Lines from the one containing "tere in demselben" through the end of the data below are to be transcribed exactly; leave out all others.

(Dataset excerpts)

****************

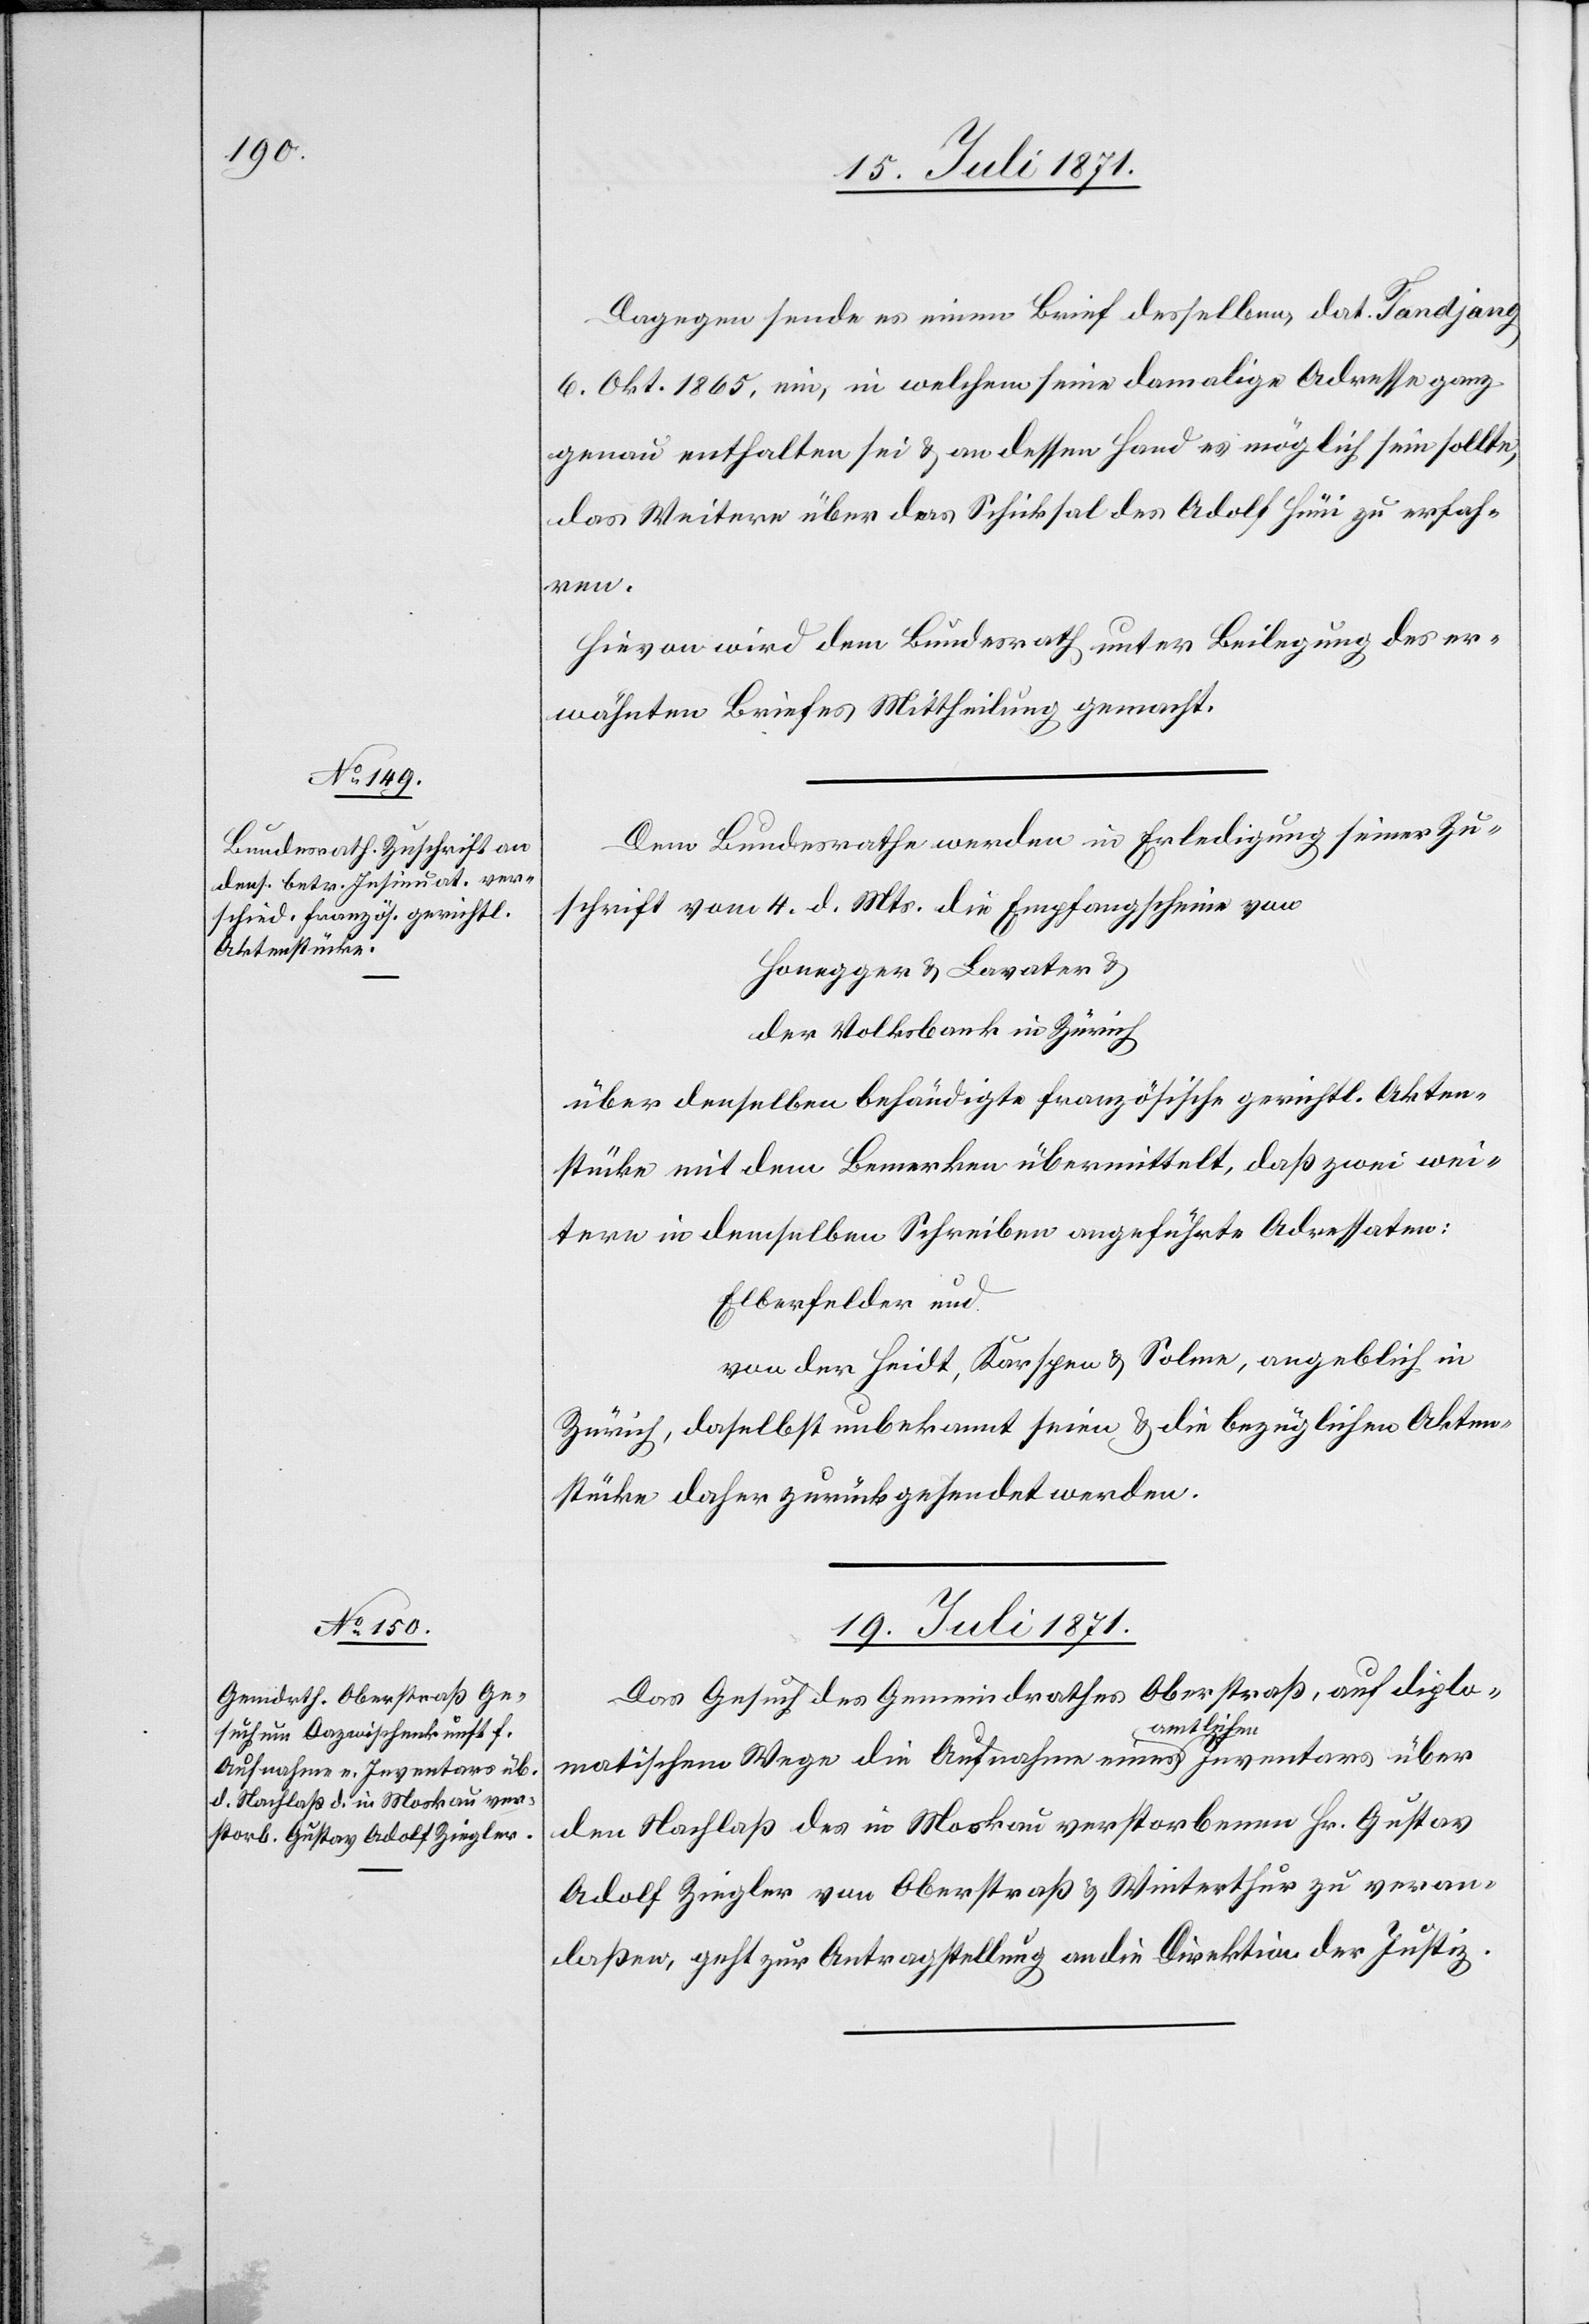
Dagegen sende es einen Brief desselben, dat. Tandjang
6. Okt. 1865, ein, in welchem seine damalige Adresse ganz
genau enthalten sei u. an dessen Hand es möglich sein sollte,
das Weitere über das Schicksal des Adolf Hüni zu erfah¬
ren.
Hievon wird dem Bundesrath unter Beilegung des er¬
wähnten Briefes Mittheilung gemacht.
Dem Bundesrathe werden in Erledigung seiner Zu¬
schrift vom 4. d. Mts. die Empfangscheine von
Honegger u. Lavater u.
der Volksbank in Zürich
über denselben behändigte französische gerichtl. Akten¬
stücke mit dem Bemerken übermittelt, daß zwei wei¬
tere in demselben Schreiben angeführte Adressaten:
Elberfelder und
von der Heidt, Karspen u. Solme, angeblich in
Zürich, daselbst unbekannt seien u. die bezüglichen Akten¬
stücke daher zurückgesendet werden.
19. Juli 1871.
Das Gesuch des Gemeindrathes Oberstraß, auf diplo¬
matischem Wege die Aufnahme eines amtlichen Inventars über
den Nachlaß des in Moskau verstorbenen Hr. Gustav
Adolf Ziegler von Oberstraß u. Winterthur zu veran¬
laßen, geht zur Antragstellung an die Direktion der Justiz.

****************

Answer to the exercise
tere in demselben Schreiben angeführte Adressaten:
Elberfelder und
von der Heidt, Karspen u. Solme, angeblich in
Zürich, daselbst unbekannt seien u. die bezüglichen Akten¬
stücke daher zurückgesendet werden.
19. Juli 1871.
Das Gesuch des Gemeindrathes Oberstraß, auf diplo¬
matischem Wege die Aufnahme eines amtlichen Inventars über
den Nachlaß des in Moskau verstorbenen Hr. Gustav
Adolf Ziegler von Oberstraß u. Winterthur zu veran¬
laßen, geht zur Antragstellung an die Direktion der Justiz.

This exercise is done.